Exercise: The required answer is each line in the entries below where "CIRCLE" occurs.

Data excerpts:
* * *

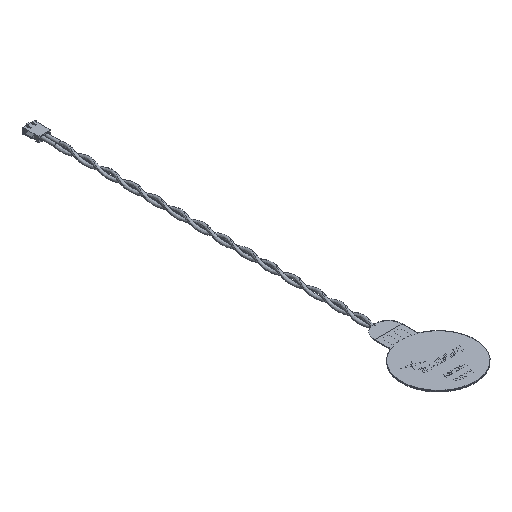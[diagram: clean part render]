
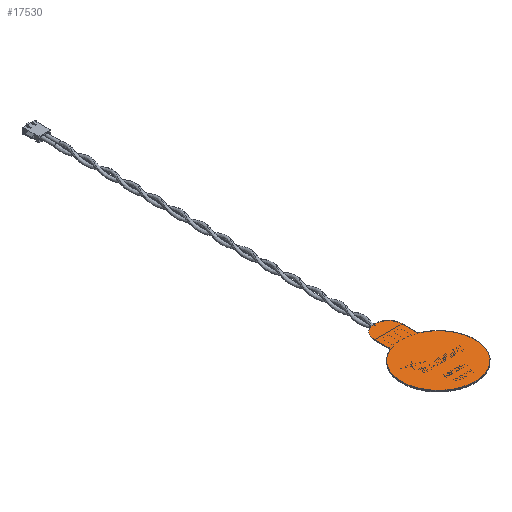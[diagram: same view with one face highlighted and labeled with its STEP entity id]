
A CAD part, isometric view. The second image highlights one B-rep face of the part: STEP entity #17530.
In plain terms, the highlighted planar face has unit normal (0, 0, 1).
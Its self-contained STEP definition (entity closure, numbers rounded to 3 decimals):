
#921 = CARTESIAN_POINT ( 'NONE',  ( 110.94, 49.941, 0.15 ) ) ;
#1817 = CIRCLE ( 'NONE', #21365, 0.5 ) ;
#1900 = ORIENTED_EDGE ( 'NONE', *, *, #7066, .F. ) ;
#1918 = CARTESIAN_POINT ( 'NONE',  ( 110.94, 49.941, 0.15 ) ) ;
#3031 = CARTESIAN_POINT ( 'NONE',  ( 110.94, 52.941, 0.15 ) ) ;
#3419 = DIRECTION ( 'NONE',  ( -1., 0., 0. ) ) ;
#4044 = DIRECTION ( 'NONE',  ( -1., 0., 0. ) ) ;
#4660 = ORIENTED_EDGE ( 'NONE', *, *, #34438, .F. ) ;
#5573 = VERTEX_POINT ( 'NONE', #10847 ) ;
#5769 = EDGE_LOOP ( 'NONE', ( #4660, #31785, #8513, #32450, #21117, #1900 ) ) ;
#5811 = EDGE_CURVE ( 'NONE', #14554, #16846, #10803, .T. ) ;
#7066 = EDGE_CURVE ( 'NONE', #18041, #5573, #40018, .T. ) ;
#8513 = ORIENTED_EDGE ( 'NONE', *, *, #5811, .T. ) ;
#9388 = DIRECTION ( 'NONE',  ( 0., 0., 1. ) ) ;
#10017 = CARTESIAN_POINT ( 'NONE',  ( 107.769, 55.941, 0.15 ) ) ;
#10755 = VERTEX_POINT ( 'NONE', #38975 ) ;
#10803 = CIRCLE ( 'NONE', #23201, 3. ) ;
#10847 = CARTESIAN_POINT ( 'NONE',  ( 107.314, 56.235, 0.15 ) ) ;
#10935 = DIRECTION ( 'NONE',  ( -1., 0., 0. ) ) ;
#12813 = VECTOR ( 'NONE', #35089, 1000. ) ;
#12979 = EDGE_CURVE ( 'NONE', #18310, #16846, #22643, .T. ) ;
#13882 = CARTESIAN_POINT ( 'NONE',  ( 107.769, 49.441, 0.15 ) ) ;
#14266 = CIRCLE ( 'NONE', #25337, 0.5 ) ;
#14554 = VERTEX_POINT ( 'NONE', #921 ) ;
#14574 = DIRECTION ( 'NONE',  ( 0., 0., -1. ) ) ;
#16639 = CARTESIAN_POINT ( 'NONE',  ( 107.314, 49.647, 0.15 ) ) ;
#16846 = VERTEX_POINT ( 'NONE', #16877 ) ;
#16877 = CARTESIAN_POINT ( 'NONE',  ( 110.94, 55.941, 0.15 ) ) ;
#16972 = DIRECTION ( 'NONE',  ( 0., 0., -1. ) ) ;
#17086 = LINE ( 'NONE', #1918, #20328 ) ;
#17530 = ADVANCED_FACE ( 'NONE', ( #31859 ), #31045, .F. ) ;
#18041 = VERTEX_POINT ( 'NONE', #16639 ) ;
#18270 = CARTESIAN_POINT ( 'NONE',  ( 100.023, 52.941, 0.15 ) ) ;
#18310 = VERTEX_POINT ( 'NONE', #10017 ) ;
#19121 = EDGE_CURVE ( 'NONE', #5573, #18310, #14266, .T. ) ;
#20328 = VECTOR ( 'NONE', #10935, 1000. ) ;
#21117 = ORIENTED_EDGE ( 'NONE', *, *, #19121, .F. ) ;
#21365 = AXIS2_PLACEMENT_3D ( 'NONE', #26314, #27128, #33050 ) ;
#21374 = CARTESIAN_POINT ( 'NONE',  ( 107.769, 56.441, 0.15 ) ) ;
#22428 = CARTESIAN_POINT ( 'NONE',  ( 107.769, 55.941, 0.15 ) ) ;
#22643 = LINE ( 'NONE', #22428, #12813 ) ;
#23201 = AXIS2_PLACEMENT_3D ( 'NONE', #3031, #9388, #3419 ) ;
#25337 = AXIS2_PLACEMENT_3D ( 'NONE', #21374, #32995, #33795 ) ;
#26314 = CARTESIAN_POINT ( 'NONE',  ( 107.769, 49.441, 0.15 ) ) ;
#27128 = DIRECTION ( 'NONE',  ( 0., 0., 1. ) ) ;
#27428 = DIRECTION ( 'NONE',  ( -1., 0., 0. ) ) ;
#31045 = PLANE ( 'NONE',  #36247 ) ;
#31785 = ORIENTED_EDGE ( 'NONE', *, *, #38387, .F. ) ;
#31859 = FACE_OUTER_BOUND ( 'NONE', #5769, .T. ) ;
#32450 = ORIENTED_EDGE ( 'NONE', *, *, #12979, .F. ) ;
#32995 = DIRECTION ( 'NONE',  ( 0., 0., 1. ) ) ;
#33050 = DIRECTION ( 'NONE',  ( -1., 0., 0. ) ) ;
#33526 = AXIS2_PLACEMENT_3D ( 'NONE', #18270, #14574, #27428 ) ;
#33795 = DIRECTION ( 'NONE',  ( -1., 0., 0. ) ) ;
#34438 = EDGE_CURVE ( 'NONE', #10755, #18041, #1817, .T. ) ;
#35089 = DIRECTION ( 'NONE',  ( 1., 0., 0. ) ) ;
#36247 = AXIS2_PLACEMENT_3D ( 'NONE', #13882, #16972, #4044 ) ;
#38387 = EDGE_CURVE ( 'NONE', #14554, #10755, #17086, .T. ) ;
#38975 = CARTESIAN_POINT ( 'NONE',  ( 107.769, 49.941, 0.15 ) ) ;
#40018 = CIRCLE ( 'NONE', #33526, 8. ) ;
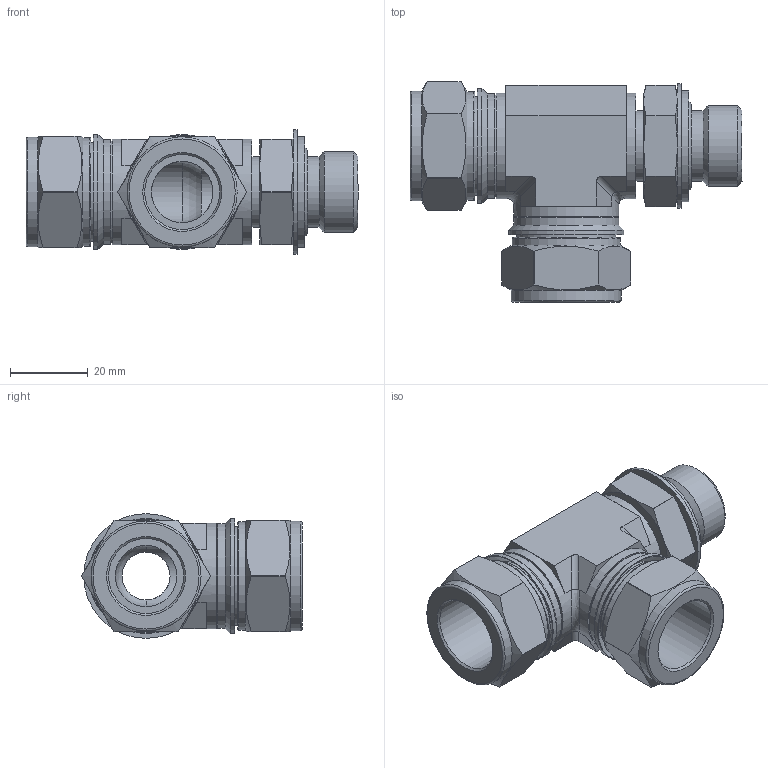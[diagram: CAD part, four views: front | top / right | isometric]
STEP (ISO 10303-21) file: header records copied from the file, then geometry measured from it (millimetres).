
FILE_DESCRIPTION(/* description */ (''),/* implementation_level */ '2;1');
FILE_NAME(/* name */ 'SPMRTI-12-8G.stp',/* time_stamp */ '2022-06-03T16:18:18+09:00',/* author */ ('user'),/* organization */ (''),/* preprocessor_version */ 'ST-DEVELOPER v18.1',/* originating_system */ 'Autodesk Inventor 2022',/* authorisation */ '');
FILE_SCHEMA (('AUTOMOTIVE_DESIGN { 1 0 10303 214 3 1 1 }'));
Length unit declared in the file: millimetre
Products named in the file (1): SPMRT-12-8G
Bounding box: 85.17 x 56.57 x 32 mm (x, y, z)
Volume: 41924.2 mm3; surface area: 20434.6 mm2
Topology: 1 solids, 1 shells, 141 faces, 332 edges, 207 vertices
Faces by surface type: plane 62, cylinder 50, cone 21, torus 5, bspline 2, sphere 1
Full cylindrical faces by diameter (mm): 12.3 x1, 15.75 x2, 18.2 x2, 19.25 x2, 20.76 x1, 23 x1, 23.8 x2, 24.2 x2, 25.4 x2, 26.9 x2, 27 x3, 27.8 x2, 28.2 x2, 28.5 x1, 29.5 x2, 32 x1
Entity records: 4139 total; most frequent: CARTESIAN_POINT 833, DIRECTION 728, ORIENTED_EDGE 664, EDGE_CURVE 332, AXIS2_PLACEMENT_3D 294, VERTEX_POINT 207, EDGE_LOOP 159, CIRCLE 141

* * *

Completed exercise:
#1817 = CIRCLE ( 'NONE', #21365, 0.5 ) ;
#10803 = CIRCLE ( 'NONE', #23201, 3. ) ;
#14266 = CIRCLE ( 'NONE', #25337, 0.5 ) ;
#40018 = CIRCLE ( 'NONE', #33526, 8. ) ;
Entity records: 4139 total; most frequent: CARTESIAN_POINT 833, DIRECTION 728, ORIENTED_EDGE 664, EDGE_CURVE 332, AXIS2_PLACEMENT_3D 294, VERTEX_POINT 207, EDGE_LOOP 159, CIRCLE 141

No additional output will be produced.